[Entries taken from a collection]

************

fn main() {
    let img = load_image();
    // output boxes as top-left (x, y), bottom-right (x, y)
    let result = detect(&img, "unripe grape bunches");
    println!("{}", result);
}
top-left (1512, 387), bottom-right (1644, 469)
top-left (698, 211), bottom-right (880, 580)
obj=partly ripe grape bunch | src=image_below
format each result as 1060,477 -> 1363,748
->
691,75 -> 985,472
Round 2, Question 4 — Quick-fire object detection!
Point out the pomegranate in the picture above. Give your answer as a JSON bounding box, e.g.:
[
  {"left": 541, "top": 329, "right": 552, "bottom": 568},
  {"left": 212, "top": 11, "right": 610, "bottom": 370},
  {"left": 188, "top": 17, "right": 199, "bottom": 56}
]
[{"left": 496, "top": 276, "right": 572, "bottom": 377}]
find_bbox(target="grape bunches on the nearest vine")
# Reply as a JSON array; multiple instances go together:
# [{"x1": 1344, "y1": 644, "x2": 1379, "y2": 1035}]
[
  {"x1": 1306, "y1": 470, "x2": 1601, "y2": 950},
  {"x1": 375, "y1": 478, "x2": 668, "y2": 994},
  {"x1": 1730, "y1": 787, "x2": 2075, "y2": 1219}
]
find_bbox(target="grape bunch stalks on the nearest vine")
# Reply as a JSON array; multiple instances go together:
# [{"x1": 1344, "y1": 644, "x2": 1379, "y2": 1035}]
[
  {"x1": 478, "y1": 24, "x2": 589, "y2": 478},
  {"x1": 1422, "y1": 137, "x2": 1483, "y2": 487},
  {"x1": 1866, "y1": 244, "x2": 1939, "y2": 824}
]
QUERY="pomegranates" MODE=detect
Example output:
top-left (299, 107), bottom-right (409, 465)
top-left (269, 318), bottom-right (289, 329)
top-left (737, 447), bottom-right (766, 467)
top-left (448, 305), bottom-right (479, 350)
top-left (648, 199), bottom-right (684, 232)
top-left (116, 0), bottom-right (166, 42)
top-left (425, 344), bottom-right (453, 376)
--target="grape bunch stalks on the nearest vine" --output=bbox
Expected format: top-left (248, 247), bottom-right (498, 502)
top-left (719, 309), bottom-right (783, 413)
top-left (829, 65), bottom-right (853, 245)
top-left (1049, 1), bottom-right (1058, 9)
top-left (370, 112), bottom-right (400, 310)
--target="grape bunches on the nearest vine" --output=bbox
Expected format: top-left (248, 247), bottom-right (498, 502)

************

§ WORK INSTRUCTIONS:
Your task is to reproduce all the records above exactly as they appear.

§ ANSWER SECTION:
fn main() {
    let img = load_image();
    // output boxes as top-left (x, y), bottom-right (x, y)
    let result = detect(&img, "unripe grape bunches");
    println!("{}", result);
}
top-left (1512, 387), bottom-right (1644, 469)
top-left (698, 211), bottom-right (880, 580)
obj=partly ripe grape bunch | src=image_below
format each result as 1060,477 -> 1363,748
->
691,75 -> 985,472
Round 2, Question 4 — Quick-fire object detection!
Point out the pomegranate in the picture above. Give your answer as a JSON bounding box, e.g.:
[
  {"left": 541, "top": 329, "right": 552, "bottom": 568},
  {"left": 212, "top": 11, "right": 610, "bottom": 370},
  {"left": 188, "top": 17, "right": 199, "bottom": 56}
]
[{"left": 496, "top": 276, "right": 572, "bottom": 377}]
find_bbox(target="grape bunches on the nearest vine")
# Reply as a JSON array; multiple instances go together:
# [{"x1": 1344, "y1": 644, "x2": 1379, "y2": 1035}]
[
  {"x1": 1306, "y1": 470, "x2": 1601, "y2": 950},
  {"x1": 375, "y1": 478, "x2": 668, "y2": 994},
  {"x1": 1730, "y1": 787, "x2": 2075, "y2": 1219}
]
find_bbox(target="grape bunch stalks on the nearest vine")
# Reply as a JSON array; multiple instances go together:
# [{"x1": 1344, "y1": 644, "x2": 1379, "y2": 1035}]
[
  {"x1": 478, "y1": 24, "x2": 589, "y2": 478},
  {"x1": 1422, "y1": 137, "x2": 1483, "y2": 487},
  {"x1": 1866, "y1": 244, "x2": 1939, "y2": 824}
]
QUERY="pomegranates" MODE=detect
Example output:
top-left (299, 107), bottom-right (409, 465)
top-left (269, 318), bottom-right (289, 329)
top-left (737, 447), bottom-right (766, 467)
top-left (448, 305), bottom-right (479, 350)
top-left (648, 199), bottom-right (684, 232)
top-left (116, 0), bottom-right (166, 42)
top-left (425, 344), bottom-right (453, 376)
--target="grape bunch stalks on the nearest vine" --output=bbox
Expected format: top-left (248, 247), bottom-right (498, 502)
top-left (719, 309), bottom-right (783, 413)
top-left (829, 65), bottom-right (853, 245)
top-left (1049, 1), bottom-right (1058, 9)
top-left (370, 112), bottom-right (400, 310)
--target="grape bunches on the nearest vine" --output=bbox
Expected format: top-left (248, 247), bottom-right (498, 502)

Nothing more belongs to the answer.